→ **TASK INSTRUCTIONS**: When you reach the line holding "Axial lung CT" in the material below, return that line and each one after it, word for word, with the pictures dropped.
**** DATA EXTRACTS
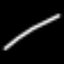
Label: line
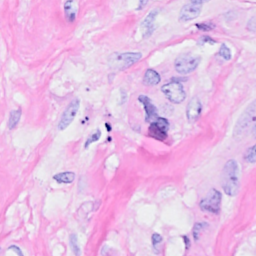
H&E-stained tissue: Breast
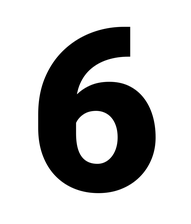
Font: Roboto_Black
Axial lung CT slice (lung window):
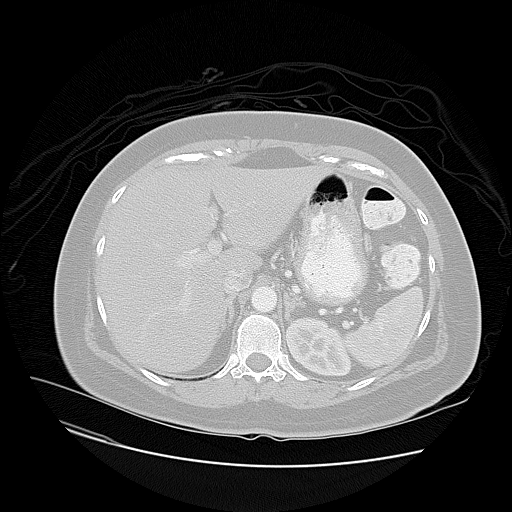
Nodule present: no
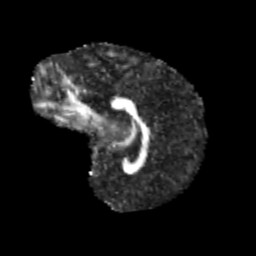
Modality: FA
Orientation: sagittal
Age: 9
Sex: male
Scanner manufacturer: siemens
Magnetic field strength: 3 T
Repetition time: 3.8 s
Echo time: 0.07 s
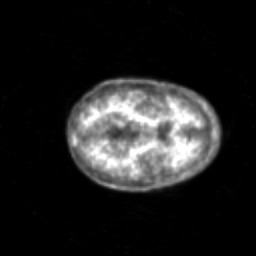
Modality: PET
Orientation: axial
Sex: female
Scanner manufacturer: siemens
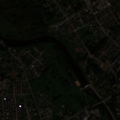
********
→ **REPLY TO THE TASK**:
Axial lung CT slice (lung window):
Nodule present: no
Modality: FA
Orientation: sagittal
Age: 9
Sex: male
Scanner manufacturer: siemens
Magnetic field strength: 3 T
Repetition time: 3.8 s
Echo time: 0.07 s
Modality: PET
Orientation: axial
Sex: female
Scanner manufacturer: siemens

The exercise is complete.